Этот опыт «необыкновенных» дарований моих сохранился у меня. Как-то просматривал я его и раздумывал: что же такого необыкновенного показалось незабвенному Семену Николаевичу? Безошибочное правописание, так; складная речь, но и все. Между тем детски, пошло, мыслишки ходячие, общие места. Необыкновенно было среди других; но то их было несчастие или мое особенное счастие, что я уже наметался в письме, пропасть читал, а они лишены были этого; но это еще не дарование! Спрашивал я себя: какой отзыв я бы написал, когда бы по окончании академического курса пришлось мне сесть за профессорский стол по классу словесности и вместо заданного периода простого подан бы мне был новичком учеником именно этот самый «Разговор»? Правда, я этой темы бы и не дал ученикам для первого раза, а придумал бы более конкретную; но какой отзыв мною был бы дан? Затрудняюсь сказать; во всяком случае, похвала была преувеличенная.

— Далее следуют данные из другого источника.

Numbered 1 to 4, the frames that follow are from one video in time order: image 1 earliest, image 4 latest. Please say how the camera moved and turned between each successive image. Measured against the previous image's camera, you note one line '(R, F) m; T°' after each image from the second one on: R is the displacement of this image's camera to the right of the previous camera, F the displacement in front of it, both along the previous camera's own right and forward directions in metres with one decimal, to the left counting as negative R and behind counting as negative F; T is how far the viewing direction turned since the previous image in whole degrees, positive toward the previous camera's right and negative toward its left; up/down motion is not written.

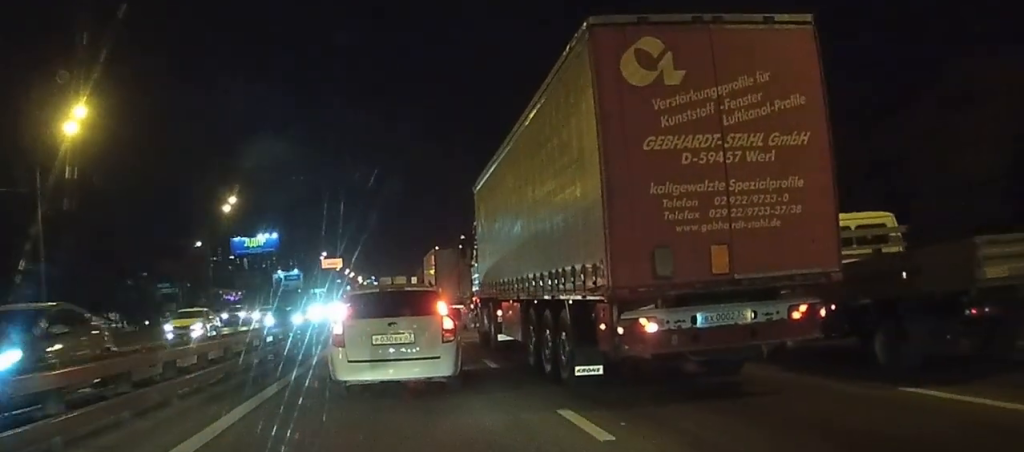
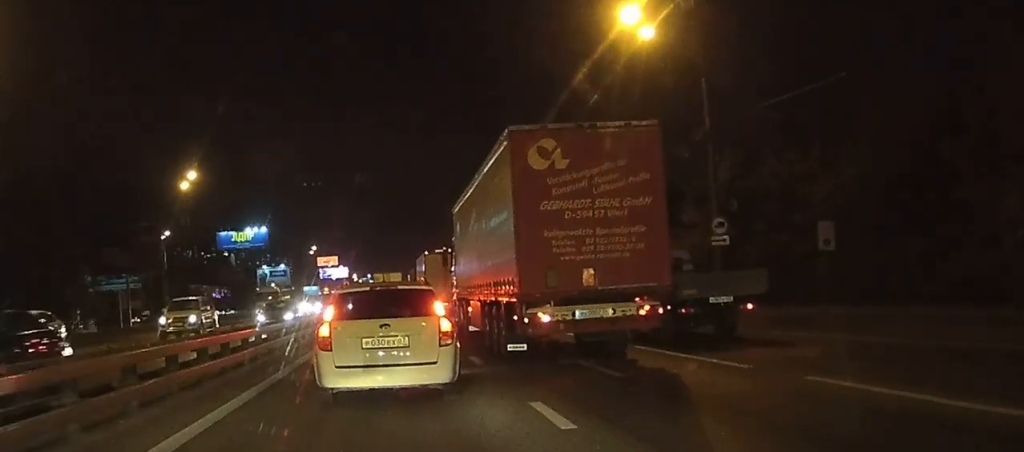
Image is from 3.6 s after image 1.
(+0.9, +15.7) m; +2°
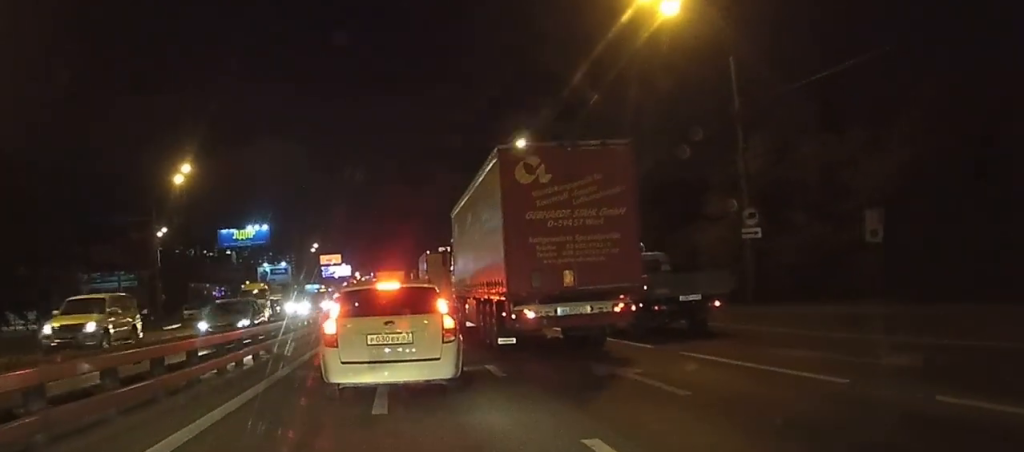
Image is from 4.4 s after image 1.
(0.0, +3.1) m; 0°
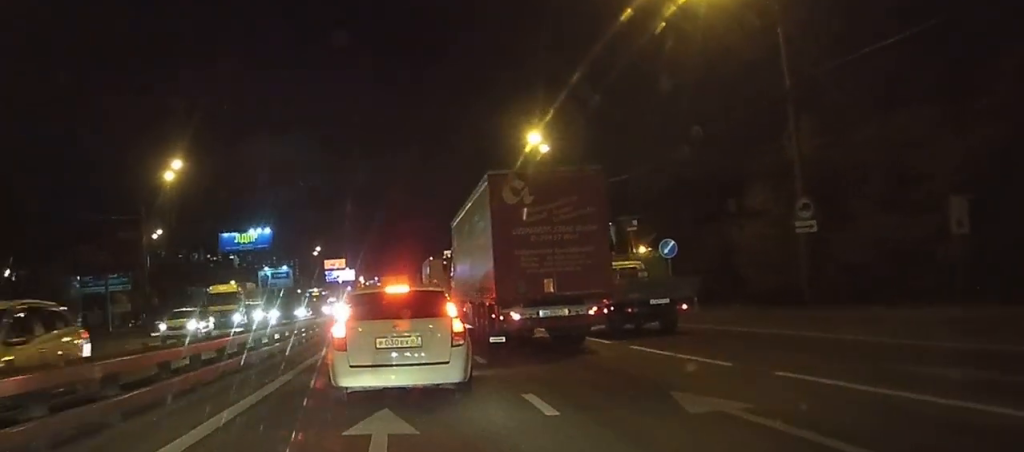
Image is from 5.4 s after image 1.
(0.0, +4.2) m; -1°

Задан был и еще период на тему: «Полезно читать книги», и я снова написал Разговор, и снова получил отличное одобрение. Снова период, темы не помню: я пишу на нее Письмо. Идут своим чередом изустные экспромты, русские и латинские; в них я уже не мудрил, но отвечал, разумеется, безукоризненно. Так прошли недели две или три, едва ли больше, скорее менее, когда пришлось перенести испытание уже в другом смысле. Профессор захворал, а через несколько дней, едва ли даже неделя прошла, объявлено, что Семен Николаевич умер; нас приглашают на панихиду, а потом на похороны, ради которых и класса в этот день не будет. Большинство ребят, может быть, порадовалось даже такому неожиданному случаю вакации среди учебного времени. Но глубоко было мое горе: я поражен был едва ли даже меньше, нежели молодая оставшаяся вдова Орлова, не наслаждавшаяся и года супружеским счастием. Помню октябрьский день похорон: грязь и снег хлопьями; ни в дом, ни в церковь (Девяти Мучеников под Новинским, где покойный жил у тестя протоиерея) проникнуть нельзя; распорядительности не хватило облегчить ученикам доступ к прощанью. Унылый я возвратился к себе под Девичий, и душа попросила излить свои чувства. Если бы я владел стихом, то плодом моих чувств было бы стихотворение. Я написал письмо к вымышленному другу. Оно не сохранилось, но, вероятно, было не дурно, хотя зять мой, муж моей старшей сестры, прочитав чрез несколько месяцев это мое произведение, нашел, что оно не довольно пламенно. «Нет Агатона, нет моего друга! — продекламировал он из Карамзина. — Вот как следовало бы начать!» Замечание подействовало на меня неприятно, как профанация чувства, которое было искренно, свято, глубоко и не нуждалось в риторических прикрасах.
Низведение калифа на час в простые смертные, таково стало мое положение после потери профессора. Я опять новичок из Коломенского училища, обязанный зарекомендовать себя среди других. Притом наступило междуцарствие; впредь до нового профессора к нам ходил временно преподаватель из другого класса. Душа его к нам, пасынкам, не могла лежать; он должен был отнестись к нам небрежно. И действительно, сочинения, подаваемые ему, не сдавались обратно; не все он их и читал, в чем я удостоверился, когда мне отданы были мои после. Затем сам он был новичок, только что сошедший с академической скамьи. Он еще не приметался к делу; его можно было морочить, и его морочили. Помянутый в предшедшей главе Грузов не давал ему отдыха своими вопросами, возражениями, рассуждениями. То и дело вставал Михаил Иванович, прерывал профессора, завязывалась между ним и профессором беседа.
«Прерывал профессора…». Читатель может недоумевать. В объяснение напомню о диспутах, которые в академические и первые семинарские времена были существенною частью преподавания (в высших классах). Обычай правильных диспутов с официальными оппонентами и дефендентами прекратился, но осталось право, никем не выговоренное и нигде не писанное, возражать на преподаваемое, предлагать недоумения. Преподаватель обращался в дефендента, и завязывалось подобие диспута. Немногие из учащихся прибегали к этому способу, не все преподаватели с одинаковою охотой его допускали, но никто не находил в нем нарушения учебной дисциплины. Естественно желание учащегося глубоко и основательно усвоить уроки; законна обязанность преподавателя идти любознательности навстречу. Грузов воспользовался обычаем и, видя неопытность профессора, пускал пыль в глаза. На меня нагнал он некоторый даже страх; прения происходили не далее как о каких-нибудь периодах или состояли в разборе какого-нибудь примера на правило, приведенное в учебнике; но Грузов употреблял ученые термины, заносился в философию, и я смирялся, не догадываясь о шарлатанстве. Не догадывался и добродушный И.А. Беляев, временный преподаватель словесности, и пускался в западню, которую подставлял ему ученик, держа высокую речь.